Seepage Modeling Assisted Optimal Design of a Homogeneous Earth Dam: Procedure Evolution
Publication: Journal of Irrigation and Drainage Engineering
Volume 133, Issue 2
Abstract
Presented herein is a procedure for arriving at an optimal design of a homogeneous earth dam laid on an impervious foundation and provided with a drain. The procedure, heavily dependent on variably saturated flow modeling, involves optimizing a multiobjective function comprising a weighted summation of four objective functions, viz., the dam section area, seepage discharge, wetted area of the dam section and the drain area. The design variables considered in the optimization are the upstream and downstream slopes and the drain dimensions. The optimization is carried out subject to the constraints ensuring safe upstream and downstream slopes and sufficient distance between the free surface and the downstream face.

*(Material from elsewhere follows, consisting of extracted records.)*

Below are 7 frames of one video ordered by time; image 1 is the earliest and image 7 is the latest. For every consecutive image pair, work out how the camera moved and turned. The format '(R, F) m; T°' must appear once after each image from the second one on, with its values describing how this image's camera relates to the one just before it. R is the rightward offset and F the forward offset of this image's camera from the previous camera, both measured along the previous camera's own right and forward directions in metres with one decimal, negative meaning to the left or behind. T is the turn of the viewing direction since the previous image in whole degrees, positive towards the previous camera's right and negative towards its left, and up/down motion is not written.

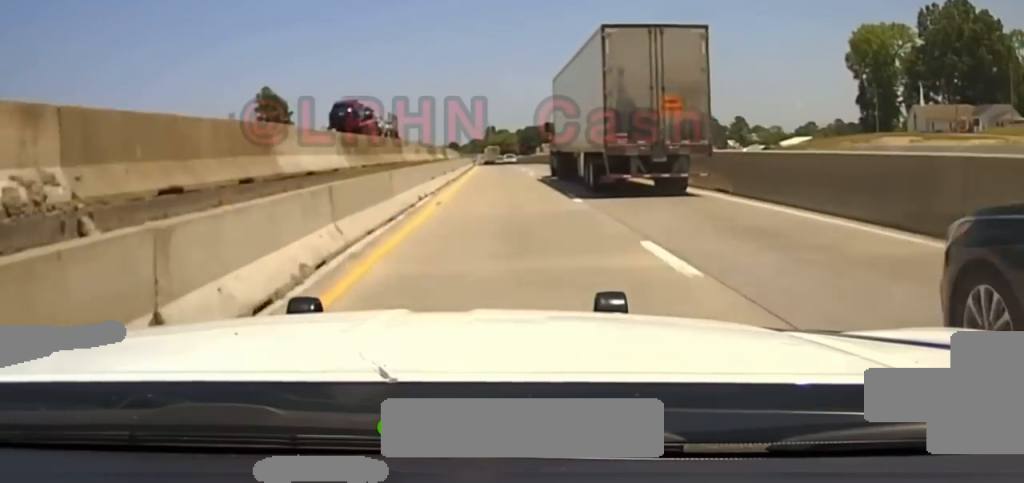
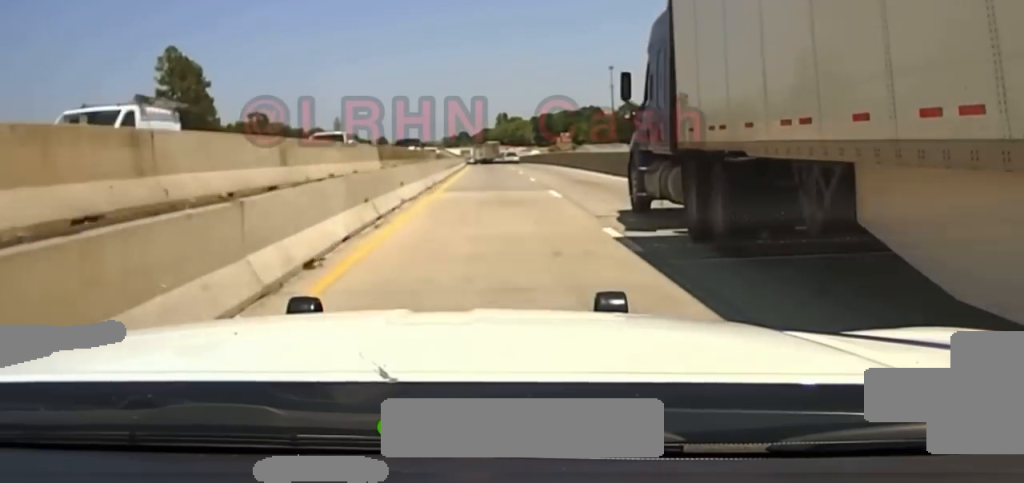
(-0.9, +63.2) m; -1°
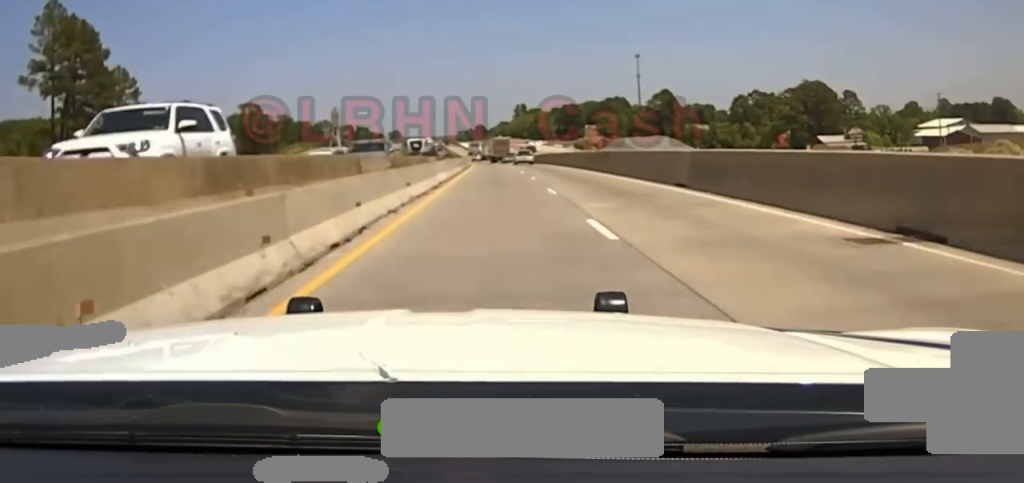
(0.0, +42.5) m; 0°
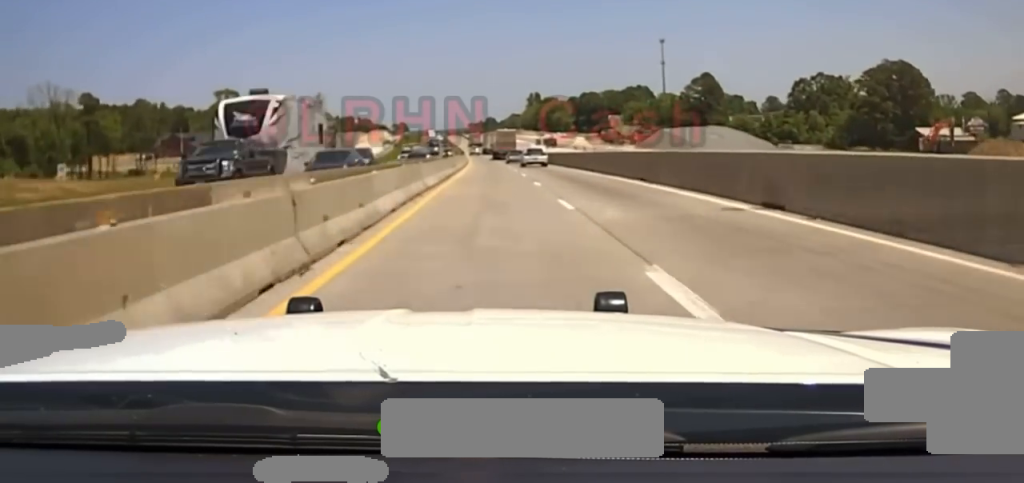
(0.0, +52.5) m; -1°
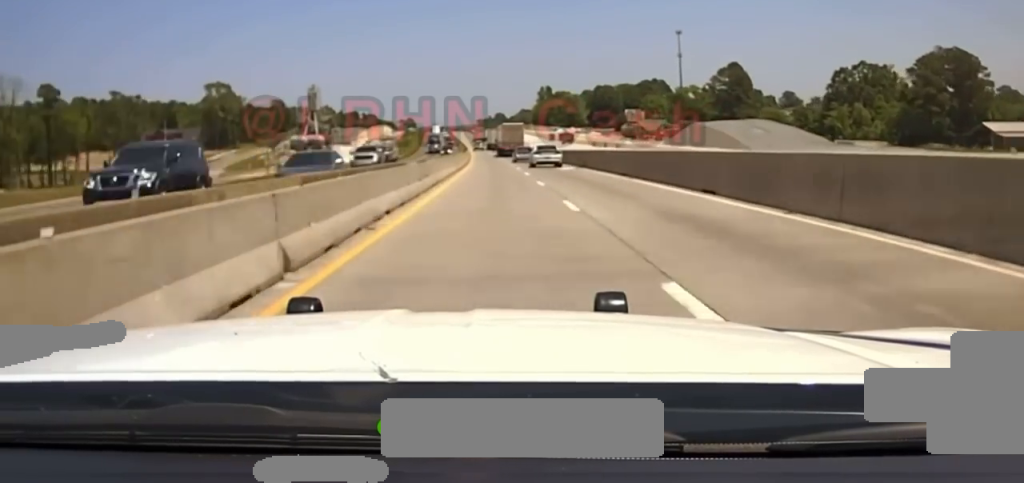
(-0.5, +25.7) m; -1°
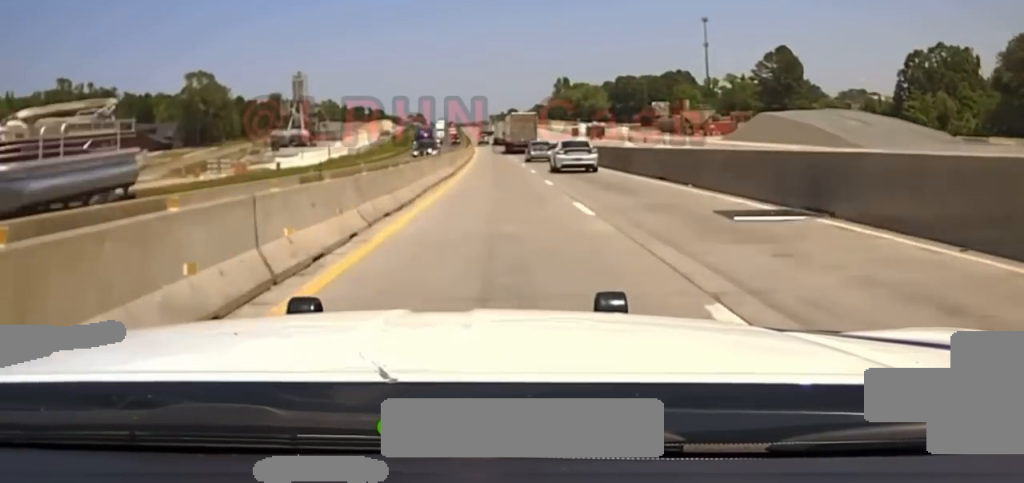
(-0.4, +37.6) m; -1°
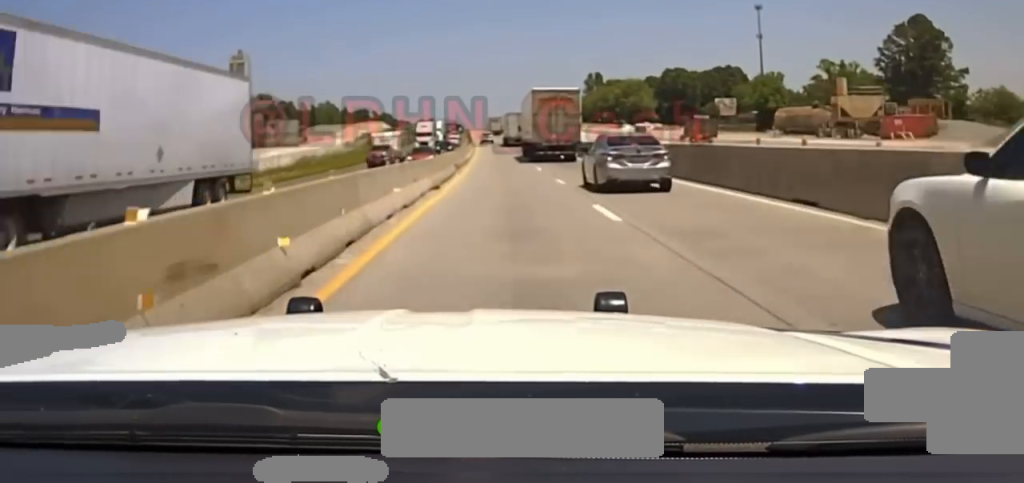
(-0.3, +83.6) m; -1°
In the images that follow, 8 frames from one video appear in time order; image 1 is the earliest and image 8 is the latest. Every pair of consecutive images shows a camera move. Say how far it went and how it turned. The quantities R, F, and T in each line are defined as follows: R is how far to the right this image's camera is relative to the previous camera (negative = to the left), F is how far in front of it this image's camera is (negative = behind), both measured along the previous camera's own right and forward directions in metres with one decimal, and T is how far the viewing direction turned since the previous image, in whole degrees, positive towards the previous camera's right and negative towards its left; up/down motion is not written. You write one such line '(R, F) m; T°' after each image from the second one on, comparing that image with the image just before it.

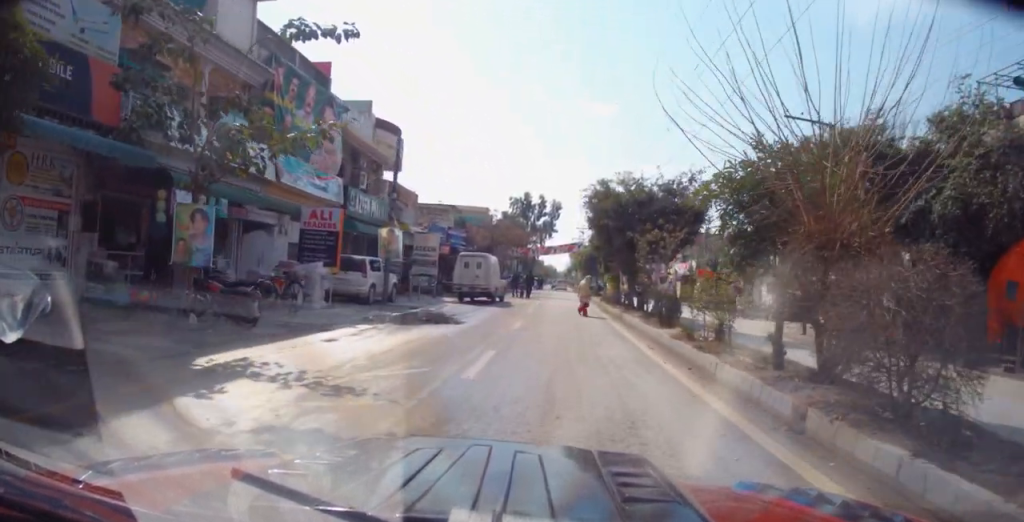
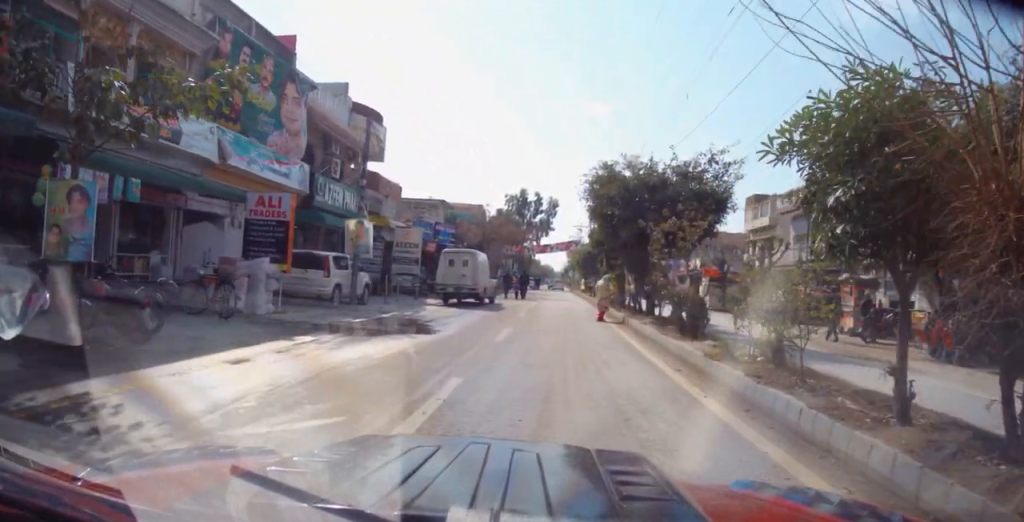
(-0.1, +3.1) m; -2°
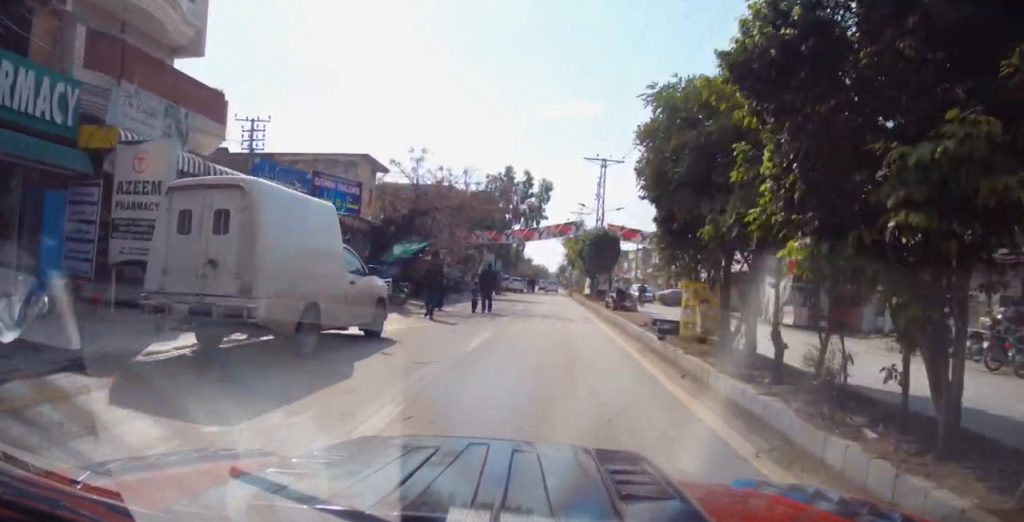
(-0.5, +17.5) m; +1°
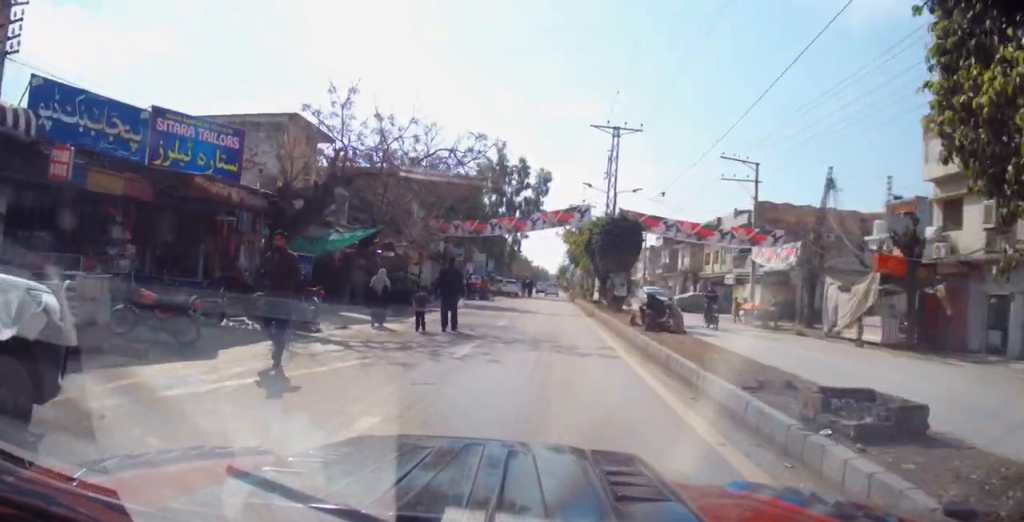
(+0.1, +8.6) m; -1°
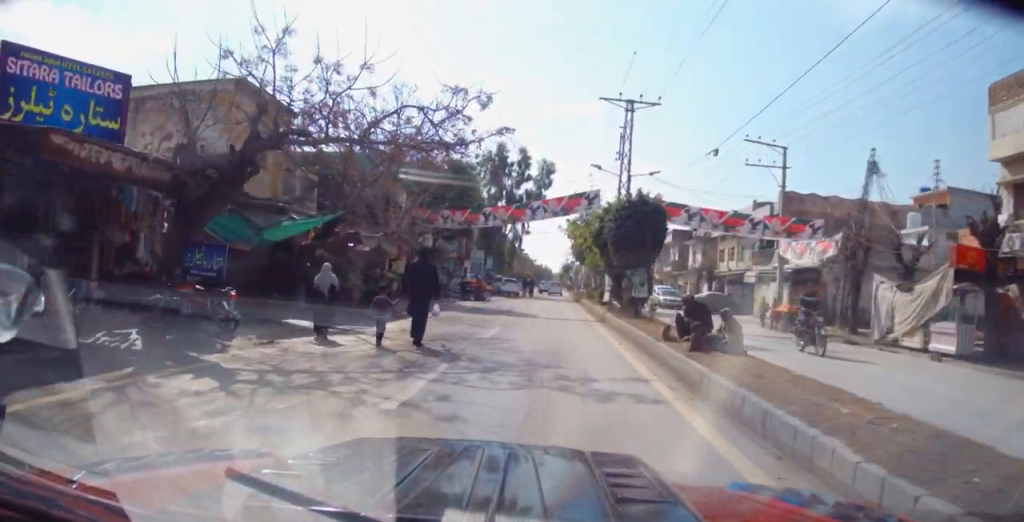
(-0.1, +4.3) m; +1°
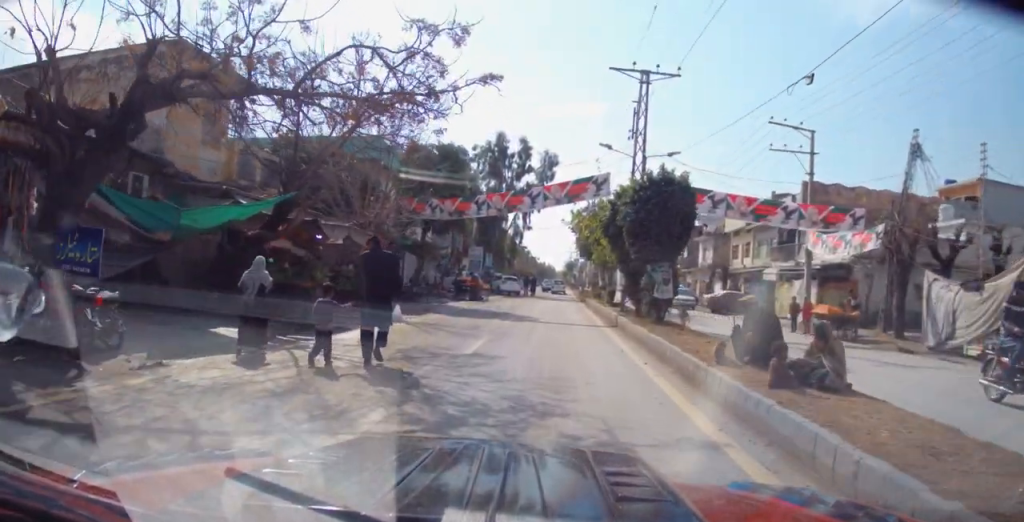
(-0.1, +3.3) m; +1°
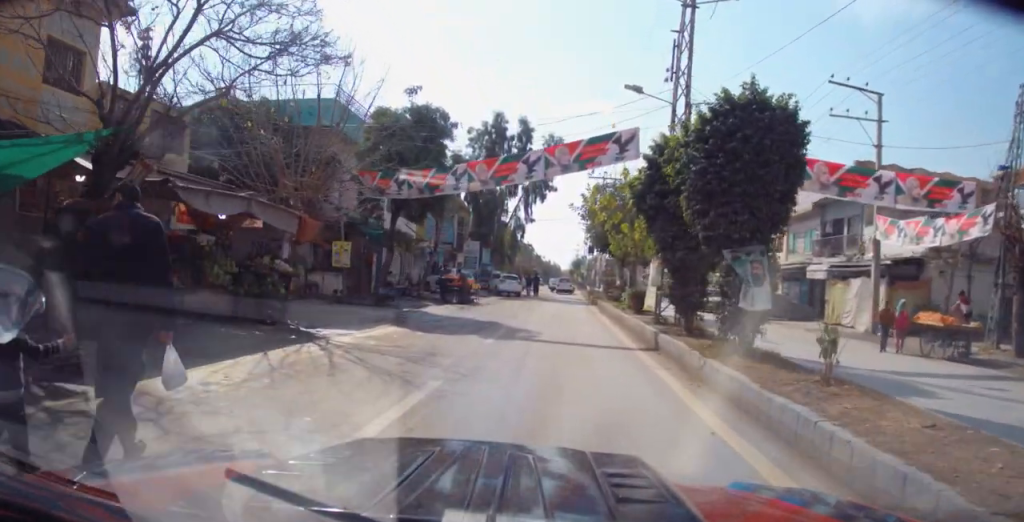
(+0.3, +6.4) m; 0°
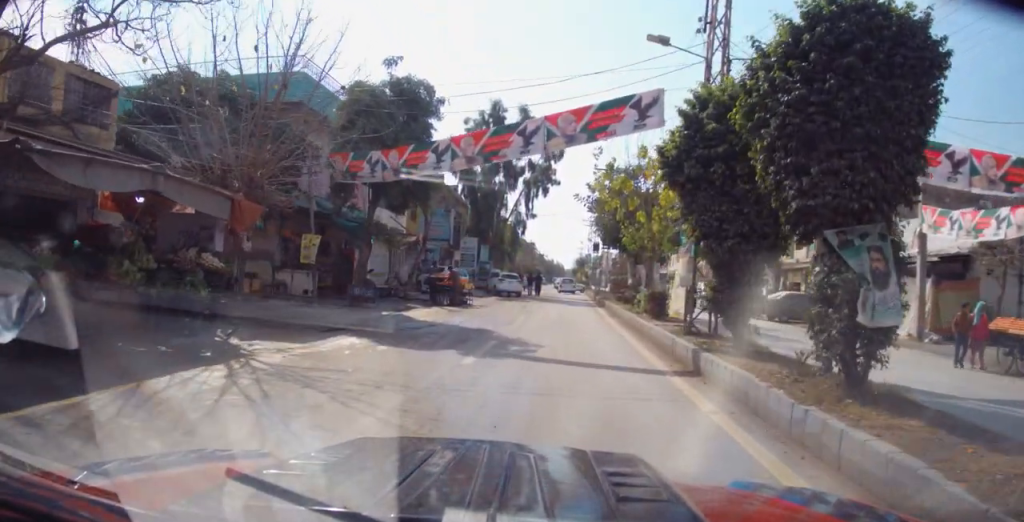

Two of the objective functions (viz., the seepage discharge and the wetted area) and the constraints are implicit functions of the design variables. Their values are obtained by employing a numerical model of two-dimensional (vertical plane) variably saturated flow in a homogeneous earth dam. Optimization, conducted by the sequential unconstrained minimization technique procedure is preceded by several runs of the model for various combinations of the design variables. The discrete values of the implicit functions so generated are invoked during optimization to compute the implicit objective functions and constraints. The results are presented in the form of nondimensional design tables/curves. The design procedure is illustrated with the help of few examples.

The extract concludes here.